Setting the Framework for Risk Assessment - Blaise Pascal
Source: Wikipedia
Risk, according to Leibniz, is defined as the probability of loosing. Pascal was one of the first men who formulated a workable framework to assess and quantify natural risk. Based from his letter exchanges with Leibniz and Huygens, Pascal linked the numerical assessment of probability to the presupposition of the immutability of nature in order to forecast the occurrence of an unfortunate event. His ideas were published in 1662 in Logica sive Ars Cogitandi in the context of pondering the character of judgments about future events. He argued that:
...[people] consider only the greatness or importance of the benefit they desire or the disadvantage they fear, without considering in any way the likelihood or probability that this benefit or disadvantage will or will not come about.
Pascal argued that the reasonableness of courses of action should be pondered by weighing the supposed benefits of the (un)desired outcome by the frequency (likelihood) of the events that lead to those outcomes. The framework to measure this had, for Pascal, the same form as when one measures the stakes in a game of chance:
... in order to decide what we ought to do to obtain some good or avoid some harm, it is necessary to consider not only the good or harm in itself, but also the probability that it will or will not occur, and to view geometrically the proportion all these things have when taken together.

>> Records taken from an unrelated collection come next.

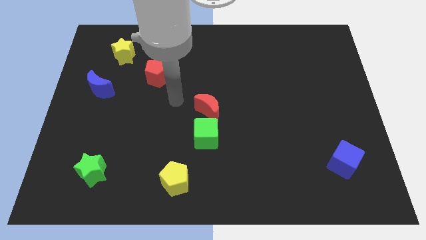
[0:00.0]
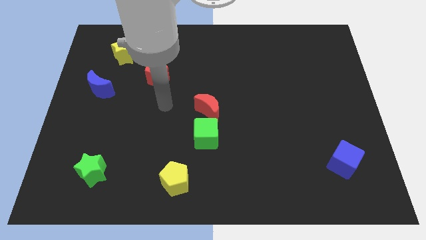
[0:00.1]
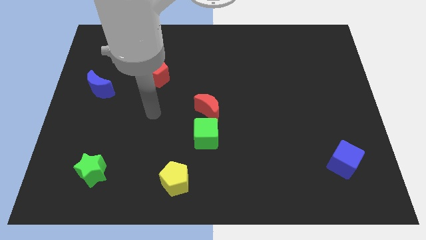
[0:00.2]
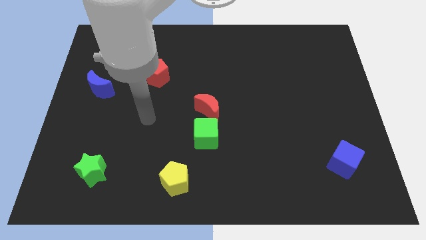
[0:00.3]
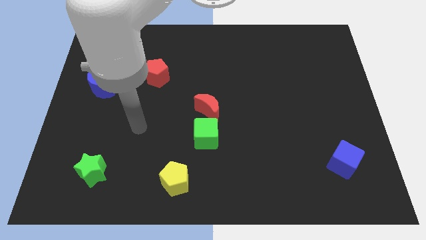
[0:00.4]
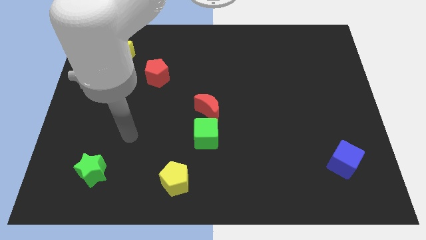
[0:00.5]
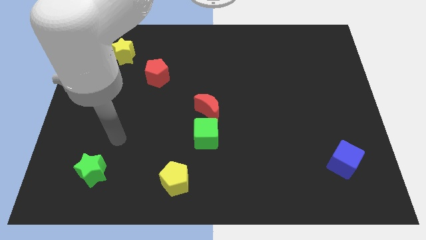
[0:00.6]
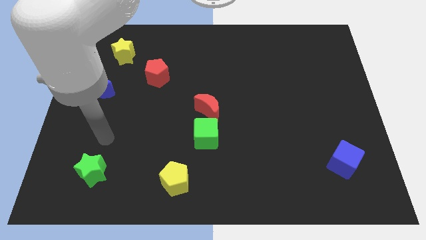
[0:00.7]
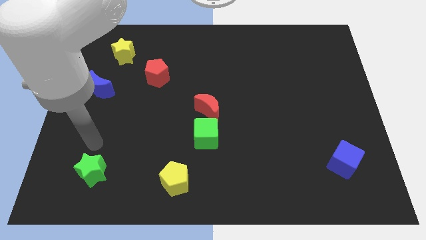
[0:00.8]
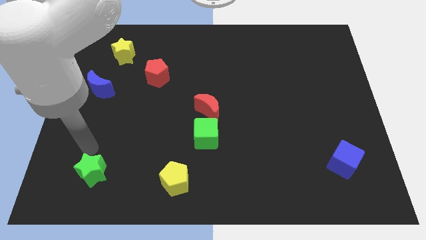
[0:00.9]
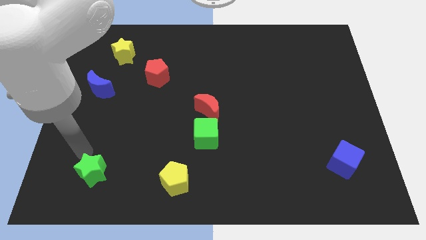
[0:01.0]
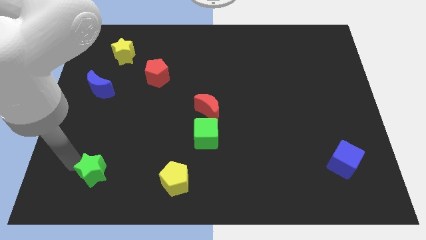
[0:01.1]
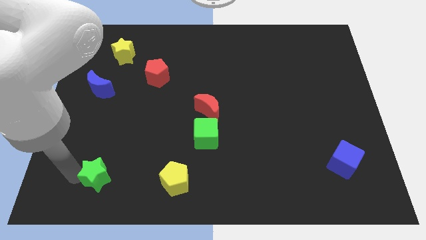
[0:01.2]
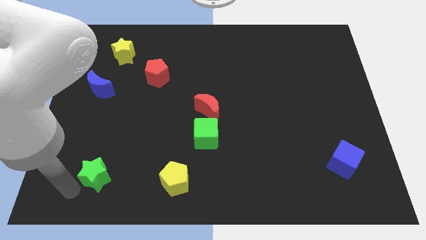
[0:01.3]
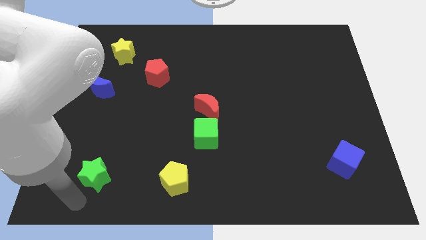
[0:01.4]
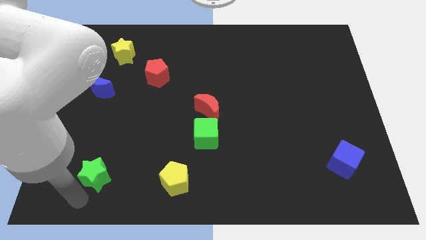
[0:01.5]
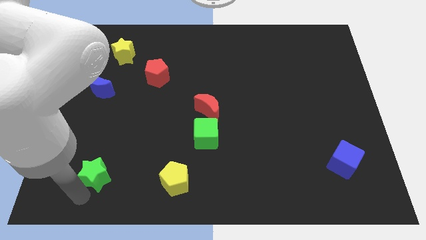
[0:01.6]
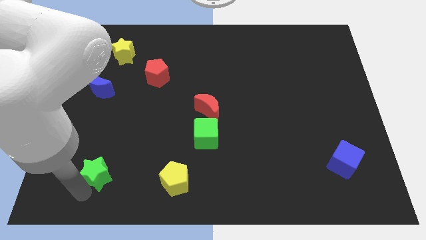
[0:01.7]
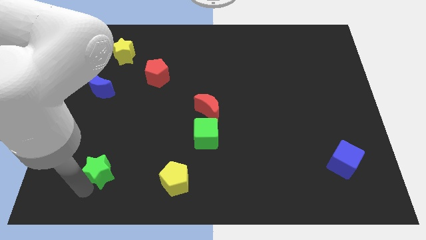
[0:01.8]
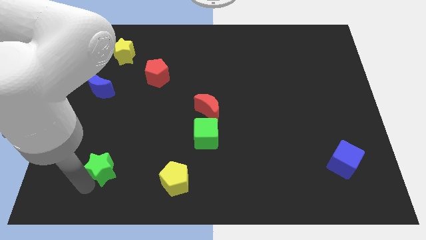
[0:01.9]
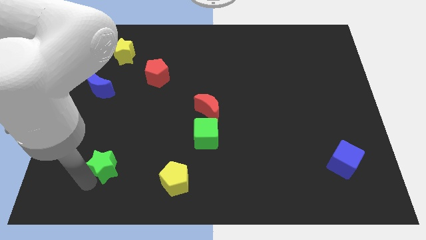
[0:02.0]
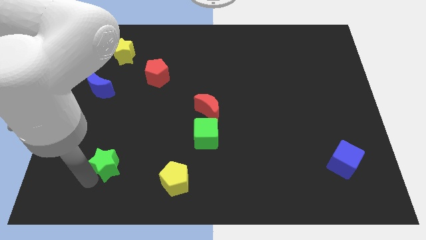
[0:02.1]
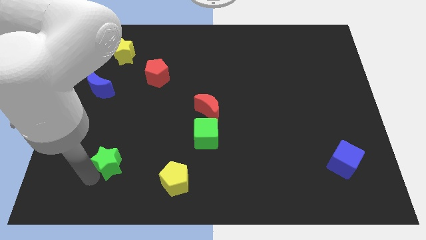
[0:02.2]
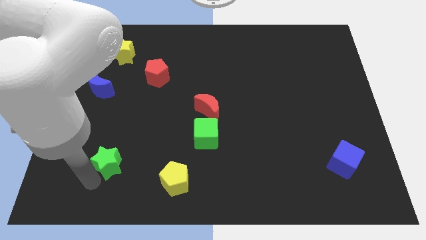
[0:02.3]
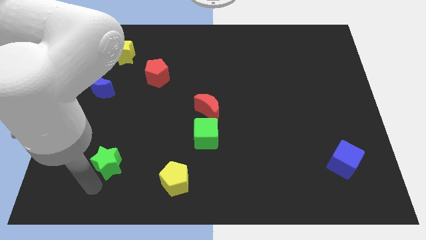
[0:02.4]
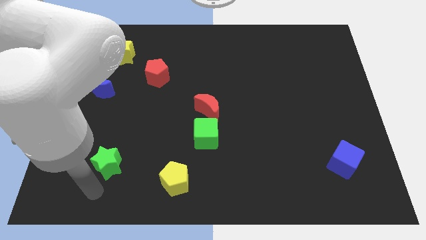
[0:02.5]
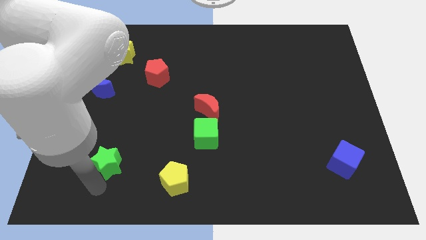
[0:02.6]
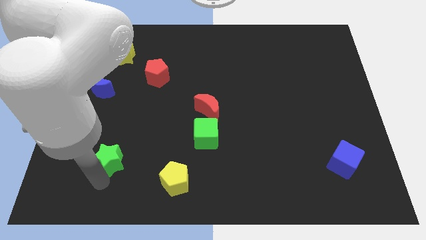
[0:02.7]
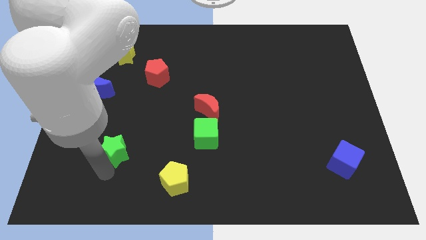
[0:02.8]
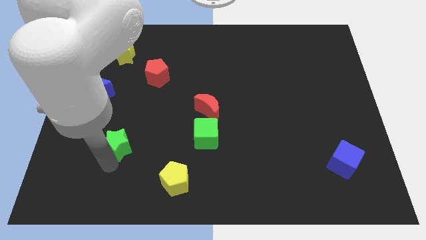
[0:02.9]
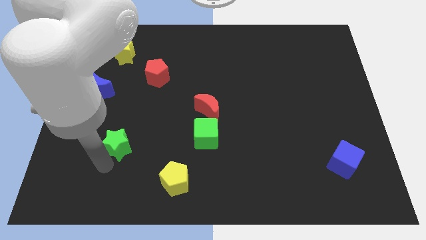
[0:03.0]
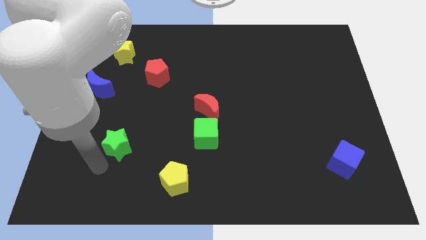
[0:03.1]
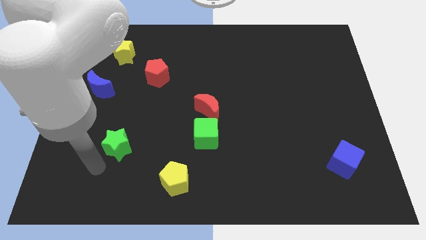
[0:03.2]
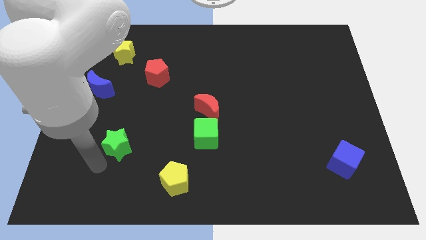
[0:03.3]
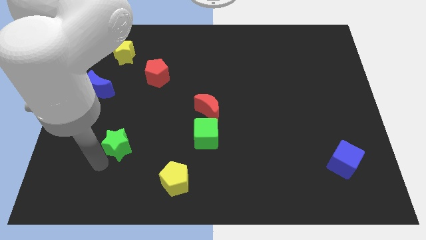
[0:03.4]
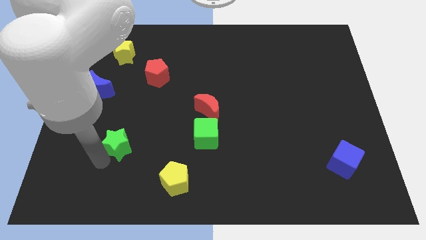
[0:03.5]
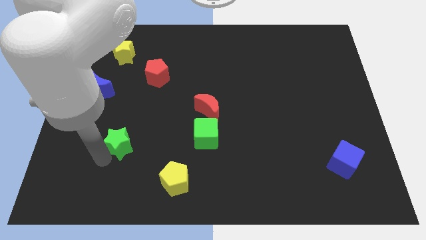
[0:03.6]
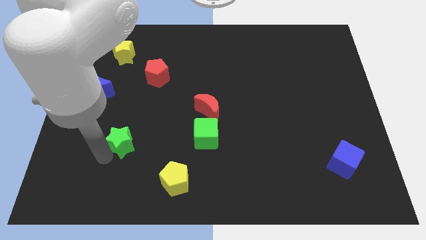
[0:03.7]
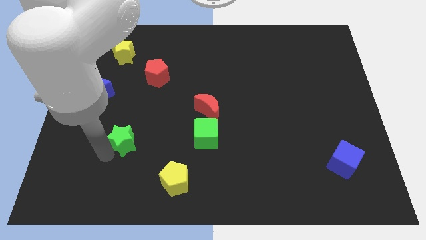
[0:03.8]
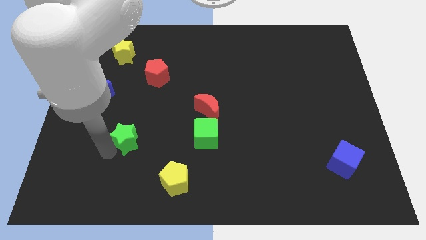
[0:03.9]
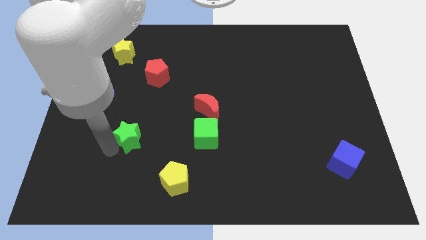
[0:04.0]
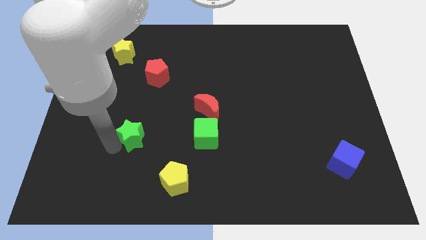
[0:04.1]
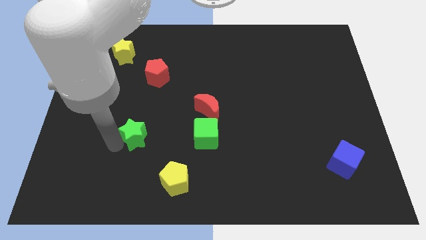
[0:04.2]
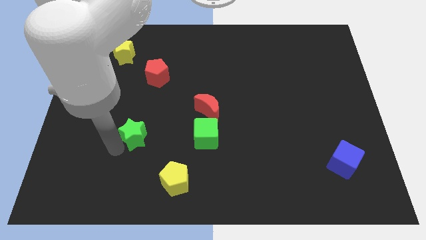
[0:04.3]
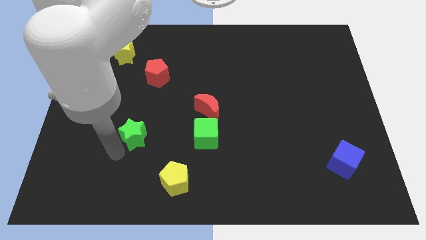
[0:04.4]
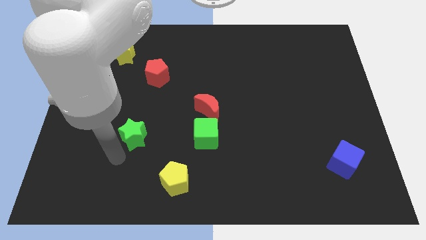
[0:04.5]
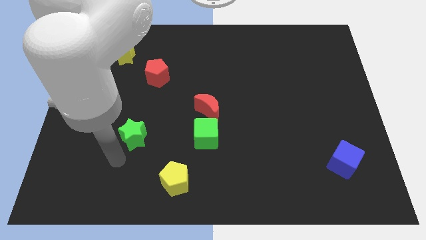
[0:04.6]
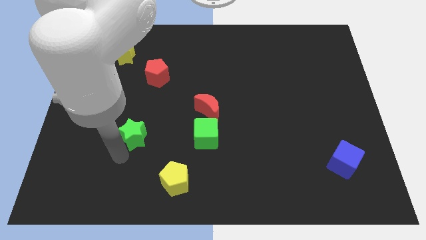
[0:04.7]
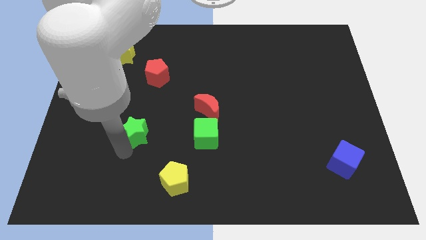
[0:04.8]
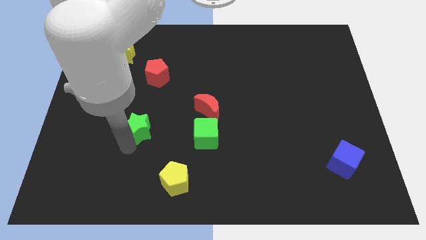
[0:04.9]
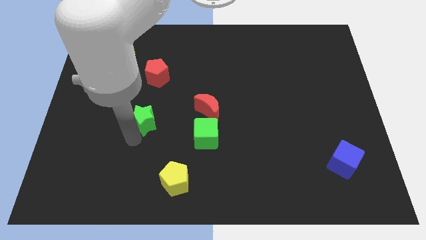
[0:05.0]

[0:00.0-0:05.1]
slide the green star left of the red moon

and then he clarifies these observations with an example: (Logica, 274-275)
...many people […] are excessively terrified when they hear thunder.... if it is only the danger of death that fills them with their extraordinary fear, it is easy to show that this is unreasonable. It would be an exaggeration to say that one in two million people is killed by a thunderstorm; there is scarcely any kind of violent death less common. Fear of harm ought to be proportional not merely to the gravity of the harm, but also the probability of the event, futurity so to speak, and since there is scarcely any kind of death more rare than death by thunderstorm, there is hardly any which ought to occasion less fear.
This account risk (fear of harm) connotes a spatiotemporal relation (futurity) which is measured by convolving the probability of concurrence of hazard (infrequent lightning), exposure (person), and the vulnerability (harm when hit by thunderstorm). Conceptually:
Risk ≡ p(Hazard ∩ Exposure)
in which p() is the probability of the conjunction (∩) between the hazard and the exposure. This notation amounts to a ‘latent event’ diagram that will be discussed in a future post.